((
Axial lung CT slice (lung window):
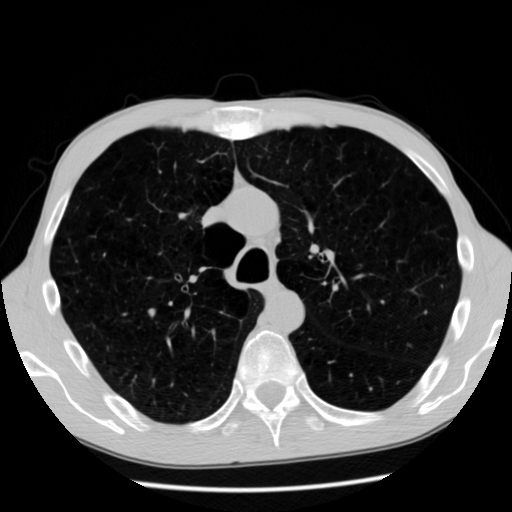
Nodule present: no
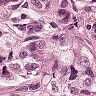
Metastatic tissue present: yes
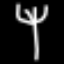
Label: fork
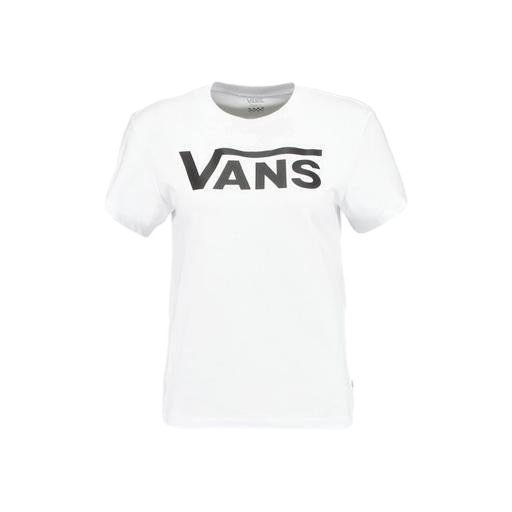
white logo graphic tee, graphic t-shirt, white t-shirt and black letters, white background
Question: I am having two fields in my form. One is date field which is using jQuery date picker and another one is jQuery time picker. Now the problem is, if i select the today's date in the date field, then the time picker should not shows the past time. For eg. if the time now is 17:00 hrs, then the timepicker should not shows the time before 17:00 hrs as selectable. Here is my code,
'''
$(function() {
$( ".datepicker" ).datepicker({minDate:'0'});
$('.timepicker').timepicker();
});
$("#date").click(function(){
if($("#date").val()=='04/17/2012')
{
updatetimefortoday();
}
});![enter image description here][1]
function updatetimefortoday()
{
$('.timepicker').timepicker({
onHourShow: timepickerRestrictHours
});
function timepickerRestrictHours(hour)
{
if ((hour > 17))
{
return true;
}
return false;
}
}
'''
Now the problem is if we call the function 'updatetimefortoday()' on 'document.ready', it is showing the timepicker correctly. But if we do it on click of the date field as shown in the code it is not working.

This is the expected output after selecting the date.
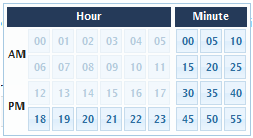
))
## [Try it]
Your answer should be the lines above from the one that contains "Nodule present: no" through the last, set down exactly, with the pictures removed.

## [Exercise answer]
Nodule present: no
Metastatic tissue present: yes
Label: fork
white logo graphic tee, graphic t-shirt, white t-shirt and black letters, white background
Question: I am having two fields in my form. One is date field which is using jQuery date picker and another one is jQuery time picker. Now the problem is, if i select the today's date in the date field, then the time picker should not shows the past time. For eg. if the time now is 17:00 hrs, then the timepicker should not shows the time before 17:00 hrs as selectable. Here is my code,
'''
$(function() {
$( ".datepicker" ).datepicker({minDate:'0'});
$('.timepicker').timepicker();
});
$("#date").click(function(){
if($("#date").val()=='04/17/2012')
{
updatetimefortoday();
}
});![enter image description here][1]
function updatetimefortoday()
{
$('.timepicker').timepicker({
onHourShow: timepickerRestrictHours
});
function timepickerRestrictHours(hour)
{
if ((hour > 17))
{
return true;
}
return false;
}
}
'''
Now the problem is if we call the function 'updatetimefortoday()' on 'document.ready', it is showing the timepicker correctly. But if we do it on click of the date field as shown in the code it is not working.

This is the expected output after selecting the date.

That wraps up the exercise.